◆ Dataset ◆
|---|

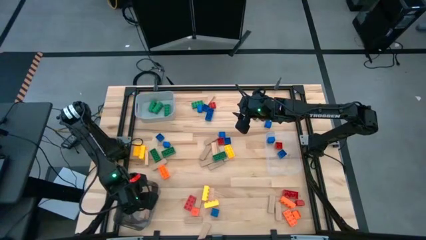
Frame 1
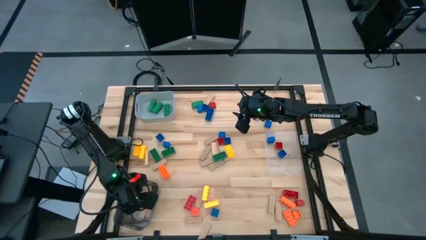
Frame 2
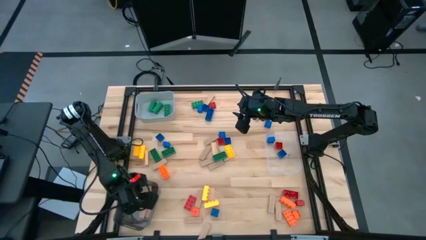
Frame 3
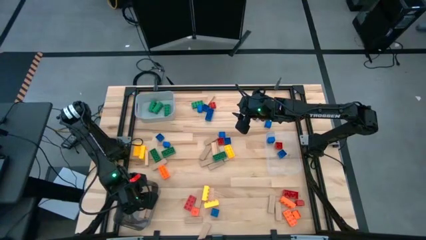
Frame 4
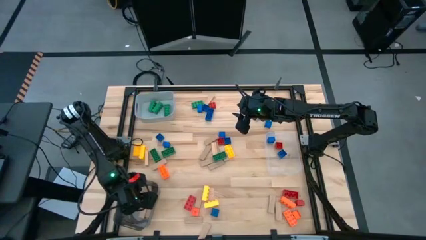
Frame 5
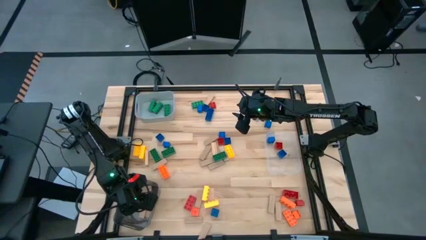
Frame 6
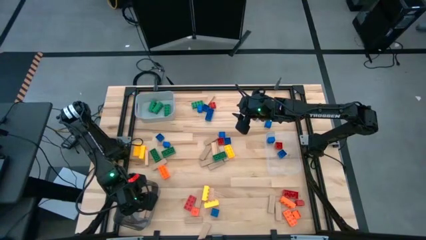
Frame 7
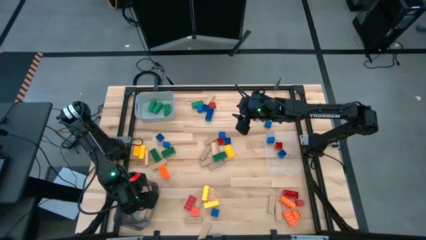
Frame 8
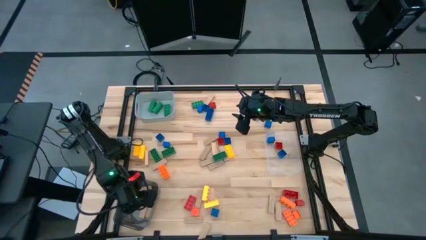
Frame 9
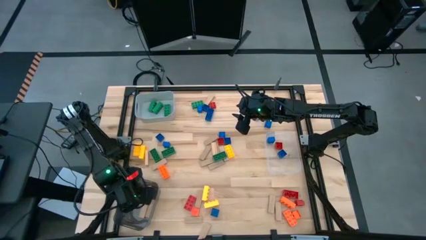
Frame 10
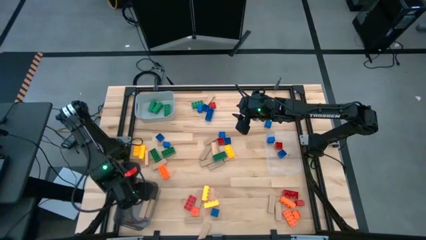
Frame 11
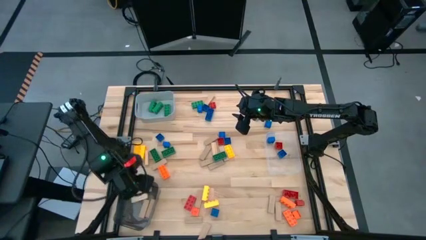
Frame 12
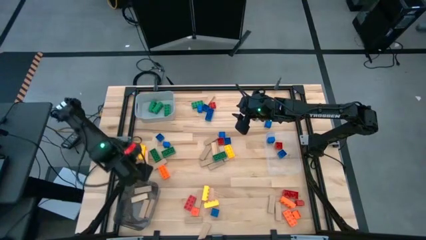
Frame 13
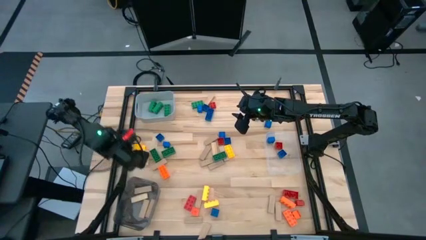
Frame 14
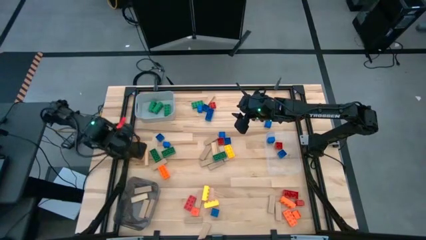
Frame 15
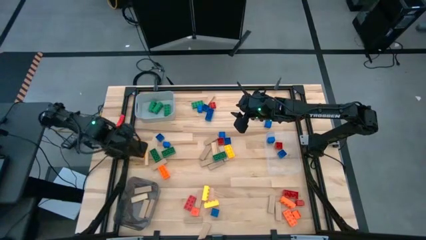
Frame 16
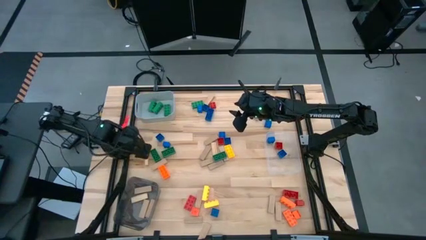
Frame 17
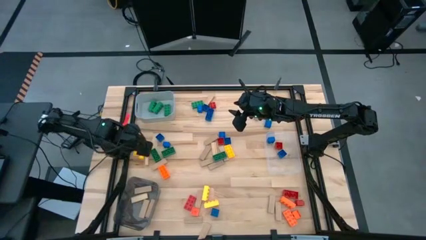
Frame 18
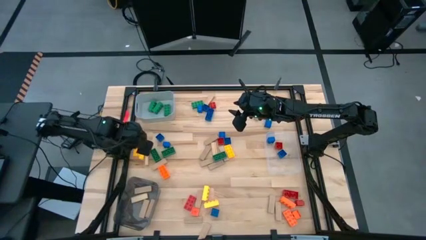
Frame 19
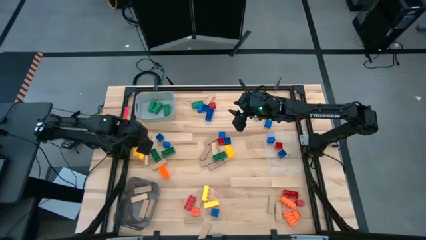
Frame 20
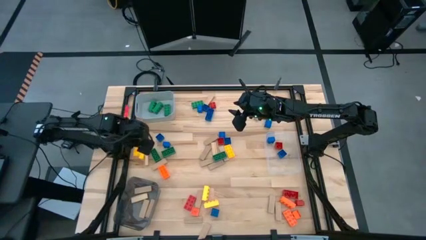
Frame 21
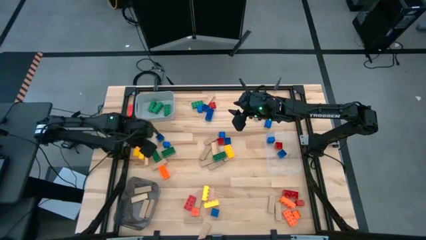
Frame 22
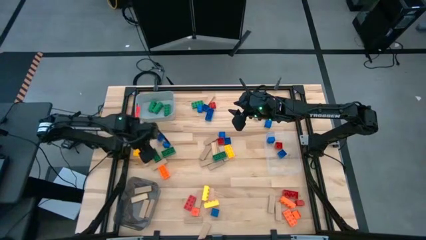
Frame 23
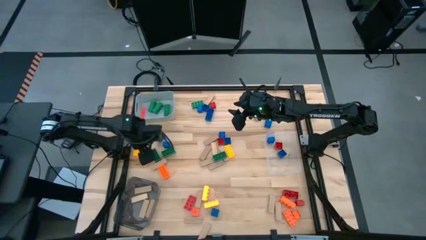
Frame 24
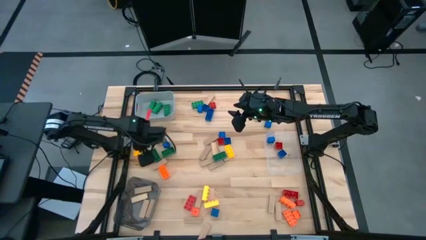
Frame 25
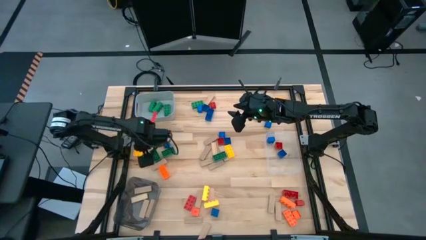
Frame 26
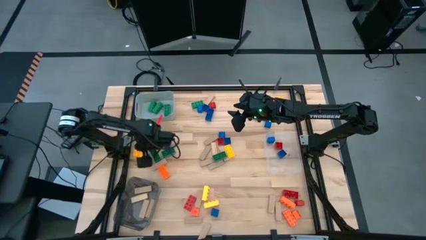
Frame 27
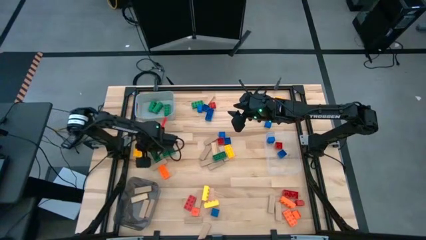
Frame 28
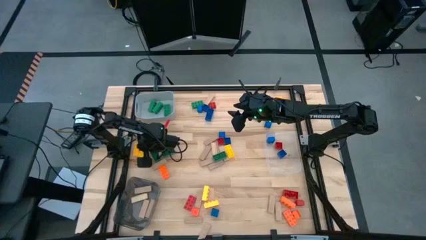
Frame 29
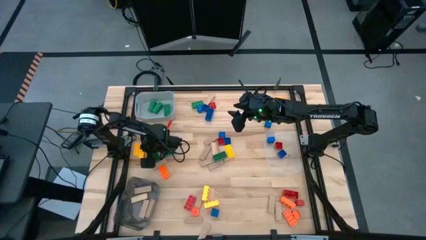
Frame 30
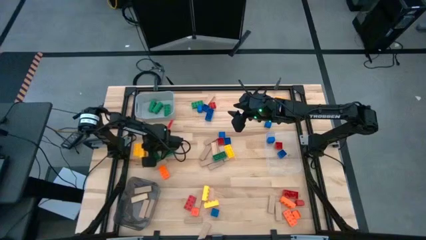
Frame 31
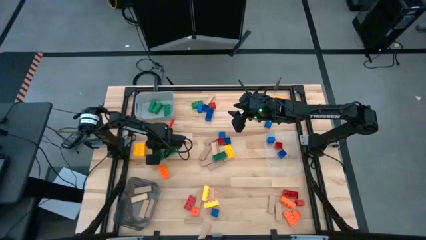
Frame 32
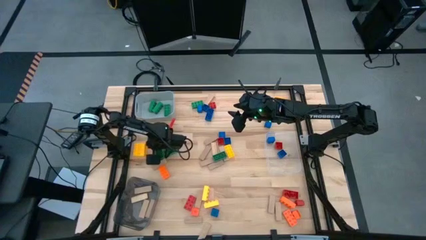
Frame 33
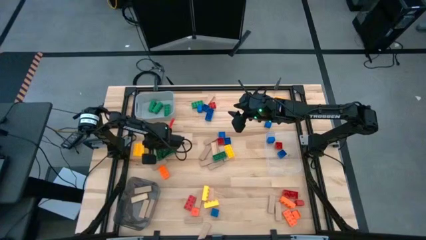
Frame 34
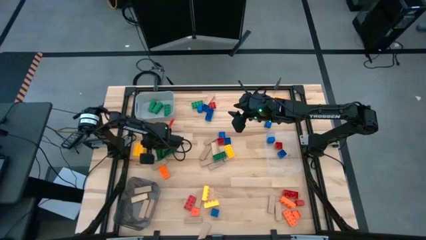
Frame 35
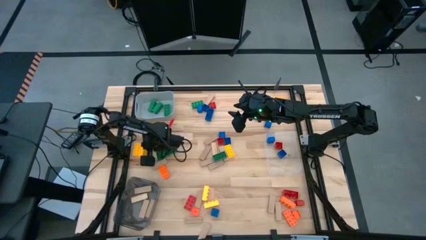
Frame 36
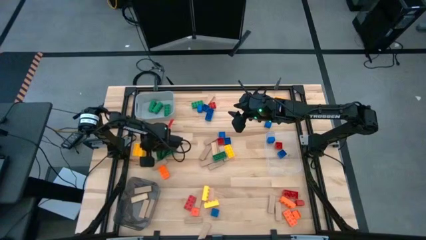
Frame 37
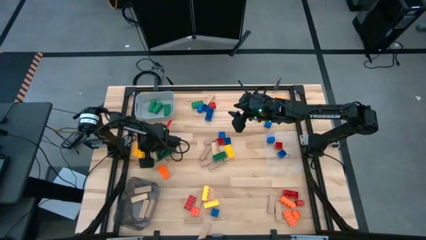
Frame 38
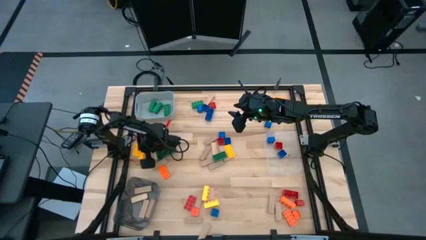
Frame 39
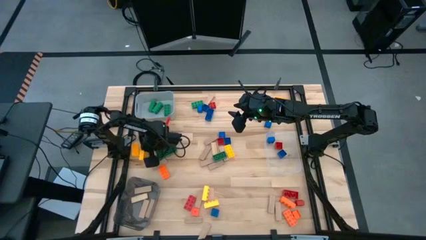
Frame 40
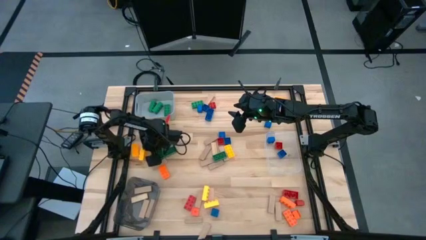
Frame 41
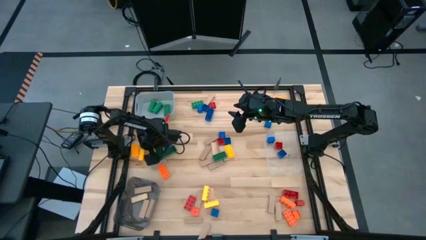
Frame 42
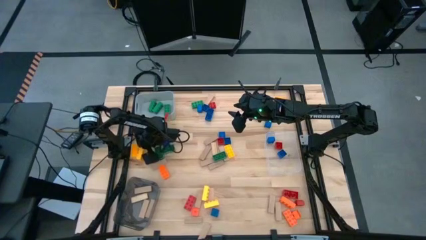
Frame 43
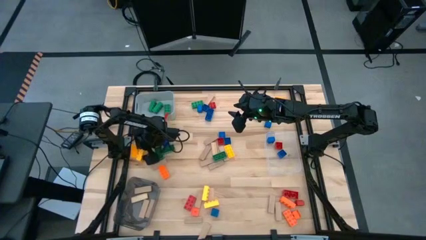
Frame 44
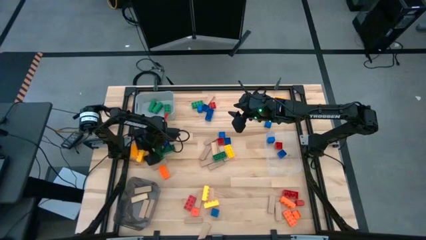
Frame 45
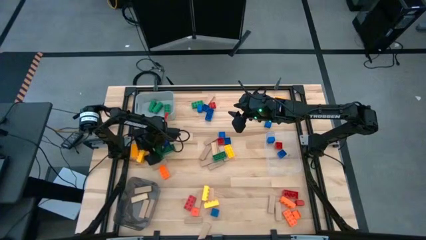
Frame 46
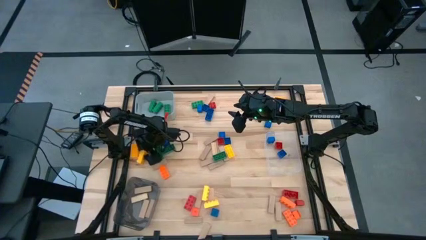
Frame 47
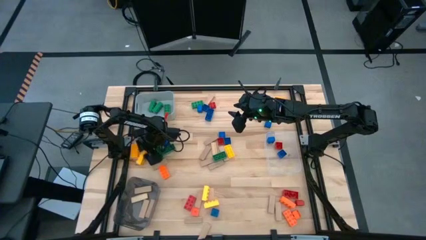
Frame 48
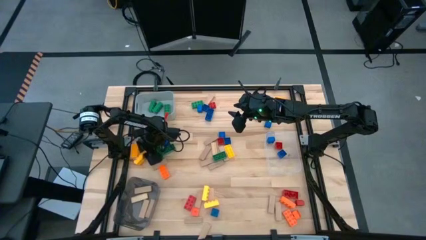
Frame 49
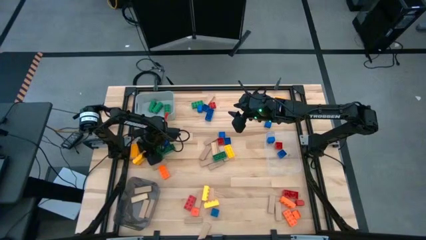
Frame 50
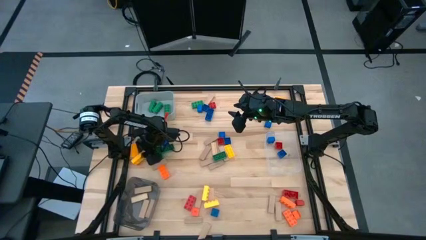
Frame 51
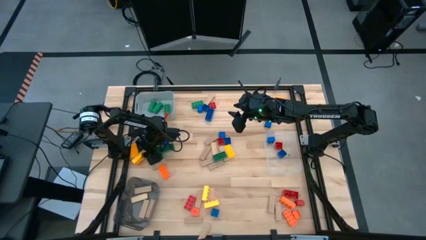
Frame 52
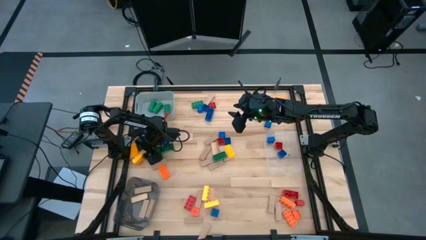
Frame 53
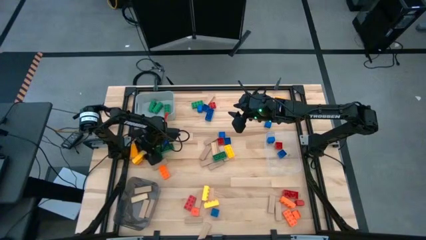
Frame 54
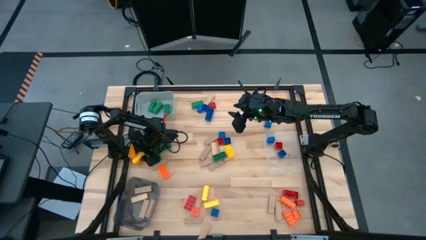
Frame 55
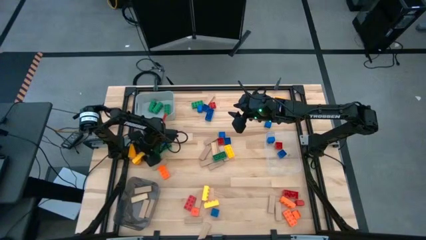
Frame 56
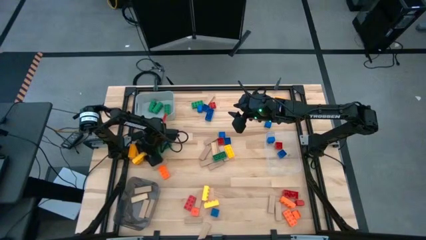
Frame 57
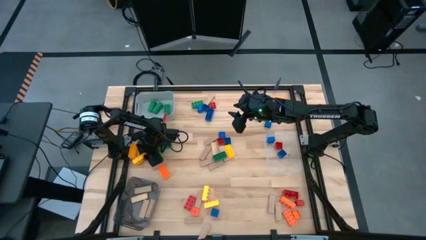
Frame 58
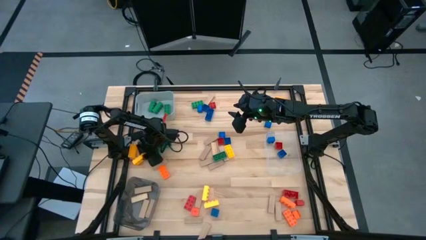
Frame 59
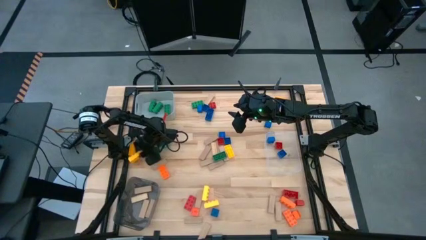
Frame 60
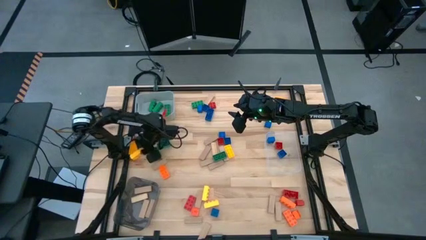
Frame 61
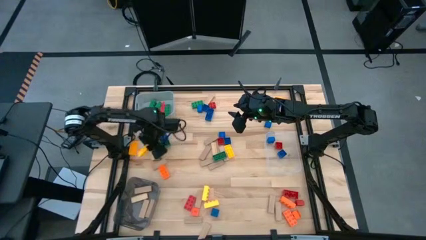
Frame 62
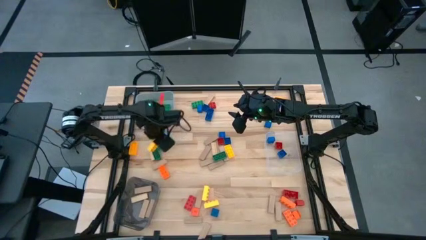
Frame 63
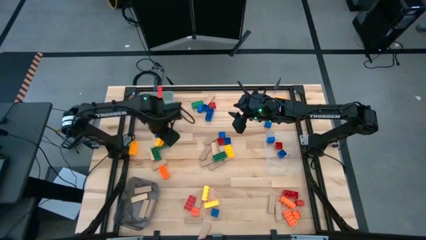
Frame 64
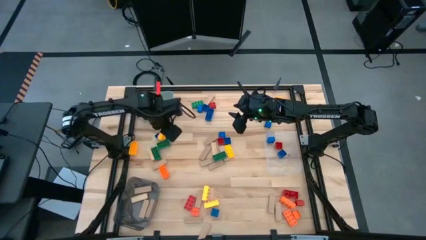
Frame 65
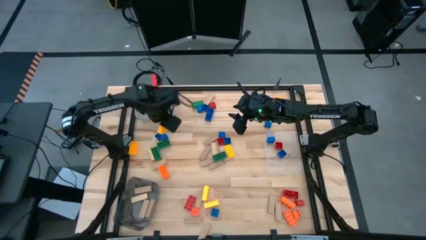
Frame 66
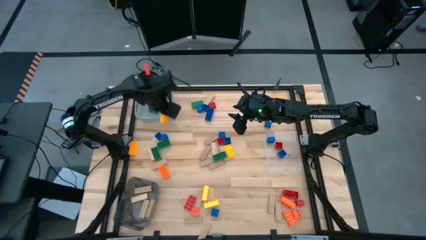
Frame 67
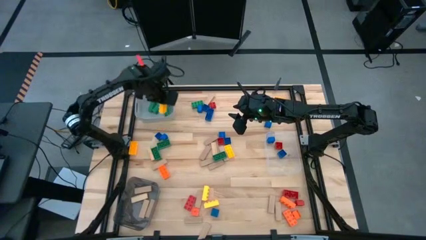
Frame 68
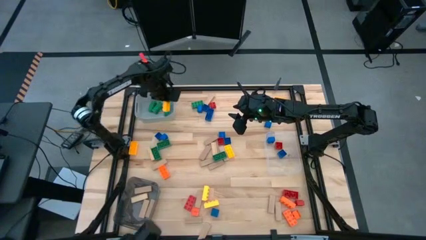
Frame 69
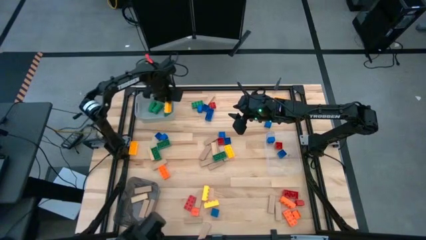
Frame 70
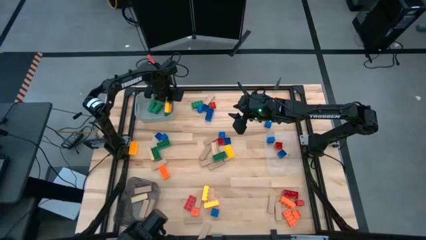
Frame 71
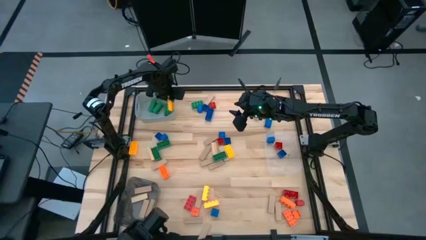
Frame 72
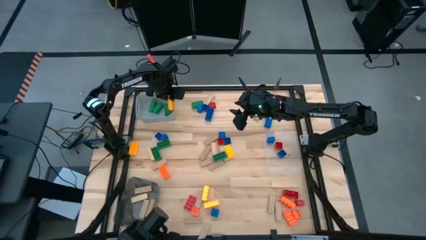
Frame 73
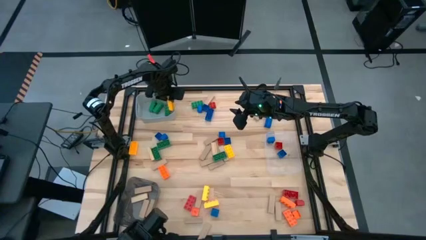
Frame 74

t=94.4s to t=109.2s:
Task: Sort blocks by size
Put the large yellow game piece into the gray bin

|---|

◆ Your instructions ◆
Transcribe the records above exactly and drop every picture.

◆ Result of the task ◆
Frame 1
Frame 2
Frame 3
Frame 4
Frame 5
Frame 6
Frame 7
Frame 8
Frame 9
Frame 10
Frame 11
Frame 12
Frame 13
Frame 14
Frame 15
Frame 16
Frame 17
Frame 18
Frame 19
Frame 20
Frame 21
Frame 22
Frame 23
Frame 24
Frame 25
Frame 26
Frame 27
Frame 28
Frame 29
Frame 30
Frame 31
Frame 32
Frame 33
Frame 34
Frame 35
Frame 36
Frame 37
Frame 38
Frame 39
Frame 40
Frame 41
Frame 42
Frame 43
Frame 44
Frame 45
Frame 46
Frame 47
Frame 48
Frame 49
Frame 50
Frame 51
Frame 52
Frame 53
Frame 54
Frame 55
Frame 56
Frame 57
Frame 58
Frame 59
Frame 60
Frame 61
Frame 62
Frame 63
Frame 64
Frame 65
Frame 66
Frame 67
Frame 68
Frame 69
Frame 70
Frame 71
Frame 72
Frame 73
Frame 74

t=94.4s to t=109.2s:
Task: Sort blocks by size
Put the large yellow game piece into the gray bin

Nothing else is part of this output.